Supplied entries section start

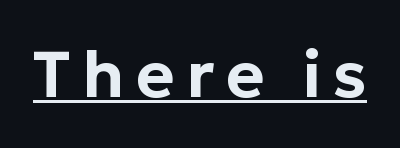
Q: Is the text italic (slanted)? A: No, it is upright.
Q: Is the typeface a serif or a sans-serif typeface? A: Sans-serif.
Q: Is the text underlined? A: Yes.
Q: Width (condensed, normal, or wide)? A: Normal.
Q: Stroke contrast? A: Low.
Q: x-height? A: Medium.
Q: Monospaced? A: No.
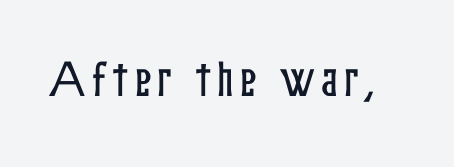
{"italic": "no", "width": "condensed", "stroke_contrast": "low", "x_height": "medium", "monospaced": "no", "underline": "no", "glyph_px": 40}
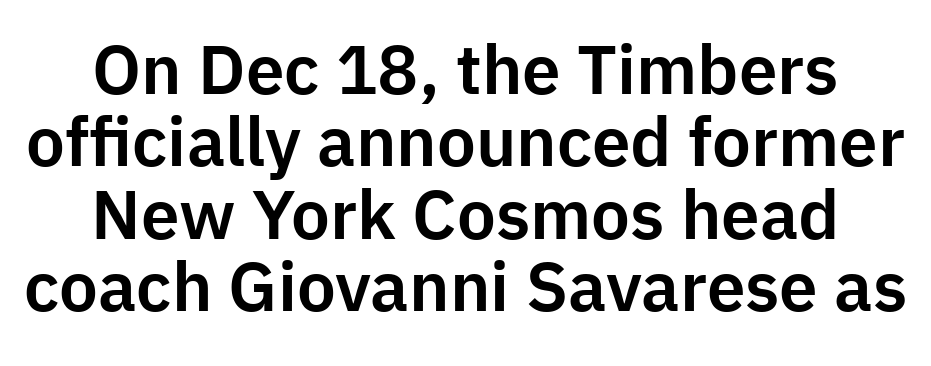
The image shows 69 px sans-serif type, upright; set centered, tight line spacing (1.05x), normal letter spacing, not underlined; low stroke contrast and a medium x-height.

Supplied entries section end
Supplied entries section start

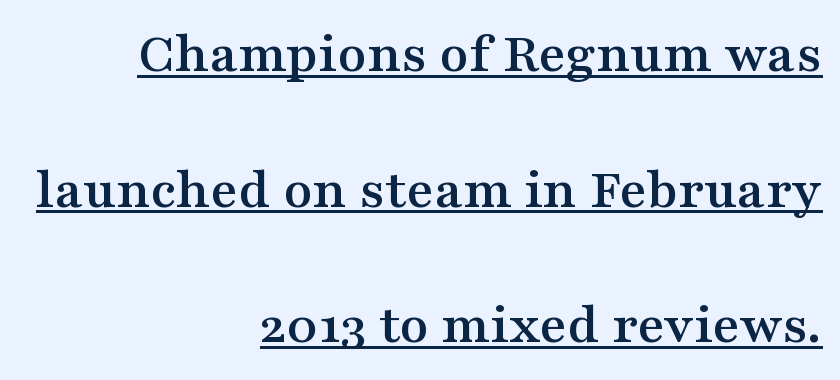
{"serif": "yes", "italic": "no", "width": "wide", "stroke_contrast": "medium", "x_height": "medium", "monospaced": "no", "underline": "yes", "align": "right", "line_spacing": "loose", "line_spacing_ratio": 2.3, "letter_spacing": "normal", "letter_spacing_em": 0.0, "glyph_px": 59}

Supplied entries section end

What is required ▸ Tally the lines of the listing that hold the string "italic", then reply with that number alone.

Answer for the task ▸ 3